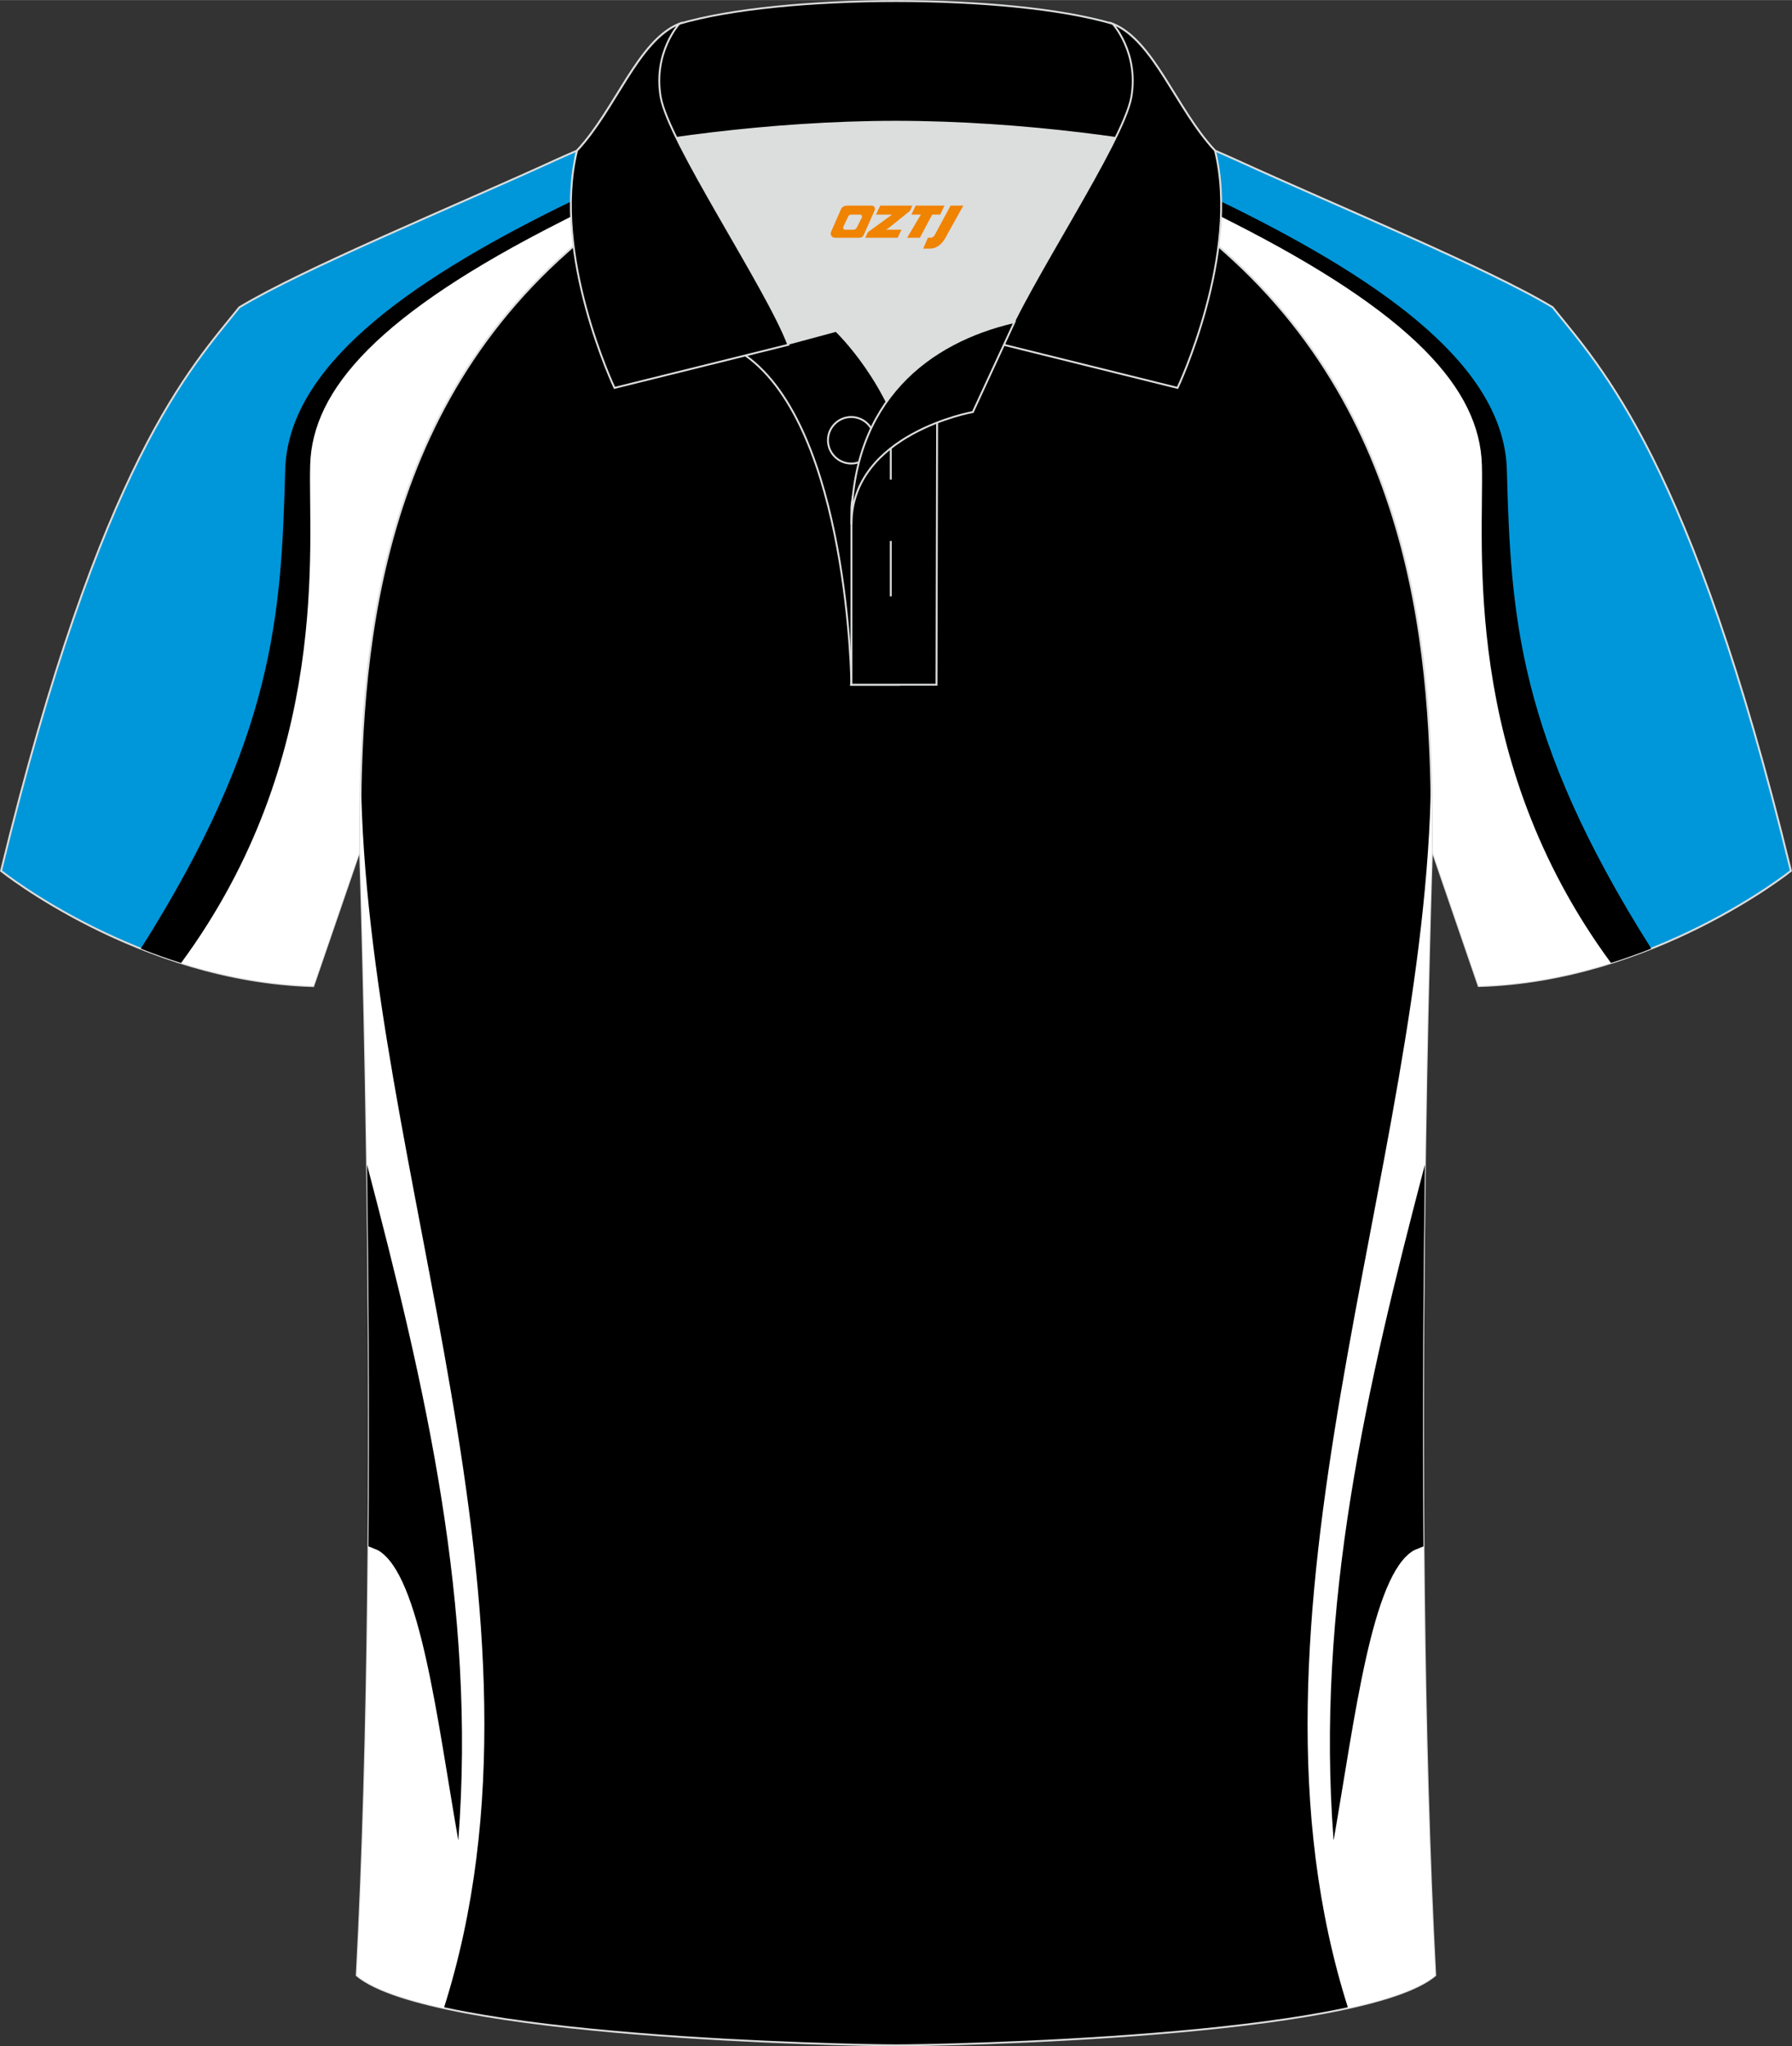 <?xml version="1.0" encoding="utf-8"?>
<!-- Generator: Adobe Illustrator 24.0.1, SVG Export Plug-In . SVG Version: 6.00 Build 0)  -->
<svg xmlns="http://www.w3.org/2000/svg" xmlns:xlink="http://www.w3.org/1999/xlink" version="1.1" id="图层_1" x="0px" y="0px" width="379.8px" height="433.5px" viewBox="0 0 379.83 433.5" enable-background="new 0 0 379.83 433.5" xml:space="preserve">
<rect x="0" y="0" width="379.83" height="433.5" fill="#333333" stroke="none"/>
<g>
	
		<path fill-rule="evenodd" clip-rule="evenodd" fill="#0097DA" stroke="#DCDDDD" stroke-width="0.4" stroke-miterlimit="22.903" d="   M133.13,27.81c-4.32,1.37-9.2,3.29-15.06,5.94C96.15,43.78,64.41,56.84,50.73,65.09C40.49,77.89,21.38,97.5,0.22,184.49   c0,0,29.18,23.38,66.18,24.4c0,0,7.15-20.81,9.9-28.83c0-34.67,1.03-88.82,44.04-126.82c8.01-7.35,28.68-19.87,41.86-26.3   L133.13,27.81z"/>
	<g>
		<path fill-rule="evenodd" clip-rule="evenodd" fill="#FFFFFF" d="M155.49,27.12c-15.27,7.3-38.19,18.51-52.5,26.71    C80,67.03,65.21,81.62,63.61,94.12c-1.6,12.5-0.9,23.3-1.6,31.89c-0.64,7.91-4.68,43.03-29.18,76.08    c9.8,3.61,21.26,6.43,33.6,6.77c0,0,7.15-20.81,9.9-28.83c0-34.67,1.03-88.82,44.04-126.82c8.01-7.35,28.68-19.87,41.86-26.3    L155.49,27.12z"/>
		<path fill-rule="evenodd" clip-rule="evenodd" d="M153.21,27.19c-13.28,6.39-34.59,16.65-34.81,16.76    C86.24,59.91,61.04,77.73,60.45,99.54c-0.84,30.74-2.19,56.5-30.61,101.42c2.71,1.08,5.56,2.11,8.54,3.04    c31.99-43.47,26.88-88.61,27.36-105.51c0.46-16.08,14.63-32.03,53.18-51.54l39.21-19.92L153.21,27.19z"/>
	</g>
	
		<path fill-rule="evenodd" clip-rule="evenodd" fill="#0097DA" stroke="#DCDDDD" stroke-width="0.4" stroke-miterlimit="22.903" d="   M246.69,27.81c4.32,1.37,9.2,3.29,15.06,5.94c21.93,10.02,53.68,23.07,67.35,31.33c10.24,12.8,29.35,32.41,50.5,119.4   c0,0-29.18,23.38-66.18,24.4c0,0-7.15-20.81-9.9-28.83c0-34.67-1.03-88.82-44.04-126.82c-8.01-7.35-28.68-19.87-41.86-26.3   L246.69,27.81z"/>
	<g>
		<path fill-rule="evenodd" clip-rule="evenodd" fill="#FFFFFF" d="M224.35,27.12c15.27,7.3,38.19,18.51,52.5,26.71    c22.99,13.2,37.78,27.79,39.39,40.29c1.6,12.5,0.9,23.3,1.6,31.89c0.64,7.91,4.68,43.03,29.18,76.08    c-9.8,3.61-21.26,6.43-33.6,6.77c0,0-7.15-20.81-9.9-28.83c0-34.67-1.03-88.82-44.04-126.82c-8.01-7.35-28.68-19.87-41.86-26.3    L224.35,27.12z"/>
		<path fill-rule="evenodd" clip-rule="evenodd" d="M226.63,27.19c13.28,6.39,34.59,16.65,34.81,16.76    c32.16,15.94,57.35,33.78,57.95,55.58c0.84,30.74,2.19,56.5,30.61,101.42c-2.71,1.08-5.56,2.11-8.54,3.04    c-31.99-43.47-26.88-88.61-27.36-105.51c-0.46-16.08-14.63-32.03-53.18-51.54l-39.21-19.92L226.63,27.19z"/>
	</g>
	<path fill-rule="evenodd" clip-rule="evenodd" stroke="#DCDDDD" stroke-width="0.4" stroke-miterlimit="22.903" d="   M76.31,180.06c0,0.08,4.68,137.13-0.7,238.42c15.59,13.15,104.59,14.84,114.3,14.82c9.72,0.03,98.7-1.67,114.3-14.82   c-5.37-101.32-0.7-238.4-0.7-238.42l0,0c0-34.67-1.03-88.82-44.04-126.82c-7.65-7.02-26.87-18.76-40.05-25.41l-59.02-0.01   c-13.19,6.63-32.41,18.38-40.07,25.42C77.33,91.24,76.31,145.39,76.31,180.06L76.31,180.06z"/>
	<g>
		<path fill-rule="evenodd" clip-rule="evenodd" fill="#FFFFFF" d="M76.51,164.82c0.99,82.51,44.03,177.47,17.57,260.6    c-8.5-1.86-15.15-4.14-18.47-6.93c5.37-101.3,0.7-238.34,0.7-238.42l0,0c0-4.75,0.02-9.86,0.16-15.24L76.51,164.82z"/>
		<path fill-rule="evenodd" clip-rule="evenodd" d="M77.79,246.71c12.41,47.24,23.18,93.5,19.35,143.18    c-4.52-25.89-8.06-56.31-17.02-61.47c-0.09-0.05-1.07-0.45-2.02-0.83C78.32,298.53,78.13,270.44,77.79,246.71z"/>
		<path fill-rule="evenodd" clip-rule="evenodd" fill="#FFFFFF" d="M303.31,164.82c-0.99,82.51-44.03,177.47-17.57,260.6    c8.5-1.86,15.15-4.14,18.47-6.93c-5.37-101.32-0.7-238.4-0.7-238.42l0,0c0-4.75-0.02-9.86-0.16-15.24L303.31,164.82z"/>
		<path fill-rule="evenodd" clip-rule="evenodd" d="M302.02,246.72c-12.41,47.24-23.18,93.5-19.35,143.18    c4.52-25.89,8.06-56.31,17.02-61.47c0.09-0.05,1.07-0.45,2.02-0.83C301.49,298.53,301.69,270.44,302.02,246.72z"/>
	</g>
	<path fill-rule="evenodd" clip-rule="evenodd" fill="#DCDDDD" d="M187.94,85.08c6.43-9.11,16.34-14.37,26.93-16.83   c5.23-10.64,16.08-27.81,21.61-39.13c-26.76-6.5-66.36-6.5-93.13,0c6.42,13.14,19.99,34.16,23.66,43.7l10.22-2.75   C177.22,70.05,183.21,75.73,187.94,85.08z"/>
	<path fill-rule="evenodd" clip-rule="evenodd" stroke="#DCDDDD" stroke-width="0.4" stroke-miterlimit="22.903" d="   M157.96,75.26l19.25-5.18c0,0,11.74,11.1,15.29,27.83c3.55,16.73-1.86,47.16-1.86,47.16h-10.18   C180.47,145.05,179.94,90.82,157.96,75.26z"/>
	<path fill-rule="evenodd" clip-rule="evenodd" stroke="#DCDDDD" stroke-width="0.4" stroke-miterlimit="22.903" d="   M180.47,107.52v37.52h18.03l0.14-60.75C189.81,87.21,180.96,98.73,180.47,107.52z"/>
	<path fill-rule="evenodd" clip-rule="evenodd" stroke="#DCDDDD" stroke-width="0.4" stroke-miterlimit="22.903" d="   M122.01,33.1c13.39-3.26,40.9-7.32,67.89-7.32s54.51,4.07,67.89,7.32l-0.28-1.2c-8.23-8.78-12.93-23.32-21.68-26.88   C224.91,1.8,207.42,0.2,189.91,0.2c-17.5,0-35,1.61-45.93,4.82c-8.77,3.57-13.47,18.1-21.68,26.88L122.01,33.1z"/>
	<path fill-rule="evenodd" clip-rule="evenodd" stroke="#DCDDDD" stroke-width="0.4" stroke-miterlimit="22.903" d="   M143.98,5.02c0,0-5.57,6.04-3.94,15.52c1.63,9.49,22.56,40.52,27.05,52.49l-36.84,9.13c0,0-13.39-28.21-7.95-50.26   C130.52,23.12,135.22,8.58,143.98,5.02z"/>
	<path fill-rule="evenodd" clip-rule="evenodd" stroke="#DCDDDD" stroke-width="0.4" stroke-miterlimit="22.903" d="   M235.85,5.02c0,0,5.57,6.04,3.95,15.52c-1.63,9.49-22.56,40.52-27.05,52.49l36.84,9.13c0,0,13.39-28.21,7.95-50.26   C249.31,23.12,244.6,8.58,235.85,5.02z"/>
	<path fill-rule="evenodd" clip-rule="evenodd" stroke="#DCDDDD" stroke-width="0.4" stroke-miterlimit="22.903" d="   M180.42,98.19c2.72,0,4.93-2.21,4.93-4.93s-2.21-4.93-4.93-4.93c-2.72,0-4.93,2.21-4.93,4.93   C175.5,95.98,177.72,98.19,180.42,98.19z"/>
	
		<line fill="none" stroke="#DCDDDD" stroke-width="0.4" stroke-miterlimit="22.903" x1="188.81" y1="114.59" x2="188.81" y2="126.33"/>
	
		<line fill="none" stroke="#DCDDDD" stroke-width="0.4" stroke-miterlimit="22.903" x1="188.81" y1="89.84" x2="188.81" y2="101.59"/>
	<path fill-rule="evenodd" clip-rule="evenodd" stroke="#DCDDDD" stroke-width="0.4" stroke-miterlimit="22.903" d="   M215.02,68.21l-8.81,19.06c0,0-25.74,4.58-25.74,23.82C180.47,84.92,196.75,72.42,215.02,68.21z"/>
	
</g>
<g>
	<path fill="#F08300" d="M201.48,43.55l-3.4,6.3c-0.2,0.3-0.5,0.5-0.8,0.5h-0.6l-1,2.3h1.2c2,0.1,3.2-1.5,3.9-3L204.18,43.55h-2.5L201.48,43.55z"/>
	<polygon fill="#F08300" points="194.28,43.55 ,200.18,43.55 ,199.28,45.45 ,197.58,45.45 ,194.98,50.35 ,192.28,50.35 ,195.18,45.45 ,193.18,45.45 ,194.08,43.55"/>
	<polygon fill="#F08300" points="188.28,48.65 ,187.78,48.65 ,188.28,48.35 ,192.88,44.65 ,193.38,43.55 ,186.58,43.55 ,186.28,44.15 ,185.68,45.45 ,188.48,45.45 ,189.08,45.45 ,183.98,49.15    ,183.38,50.35 ,189.98,50.35 ,190.28,50.35 ,191.08,48.65"/>
	<path fill="#F08300" d="M184.78,43.55H179.48C178.98,43.55,178.48,43.85,178.28,44.25L176.18,49.05C175.88,49.65,176.28,50.35,176.98,50.35h5.2c0.4,0,0.7-0.2,0.9-0.6L185.38,44.55C185.58,44.05,185.28,43.55,184.78,43.55z M182.68,46.05L181.58,48.25C181.38,48.55,181.08,48.65,180.98,48.65l-1.8,0C178.98,48.65,178.58,48.55,178.78,47.95l1-2.1c0.1-0.3,0.4-0.4,0.7-0.4h1.9   C182.58,45.45,182.78,45.75,182.68,46.05z"/>
</g>
</svg>

*EXERCISE DIRECTIONS*: Whenever a line of the data holds the string "none", pick that line out.

*RESPONSE AREA*:
<rect x="0" y="0" width="379.83" height="433.5" fill="#333333" stroke="none"/>
		<line fill="none" stroke="#DCDDDD" stroke-width="0.4" stroke-miterlimit="22.903" x1="188.81" y1="114.59" x2="188.81" y2="126.33"/>
		<line fill="none" stroke="#DCDDDD" stroke-width="0.4" stroke-miterlimit="22.903" x1="188.81" y1="89.84" x2="188.81" y2="101.59"/>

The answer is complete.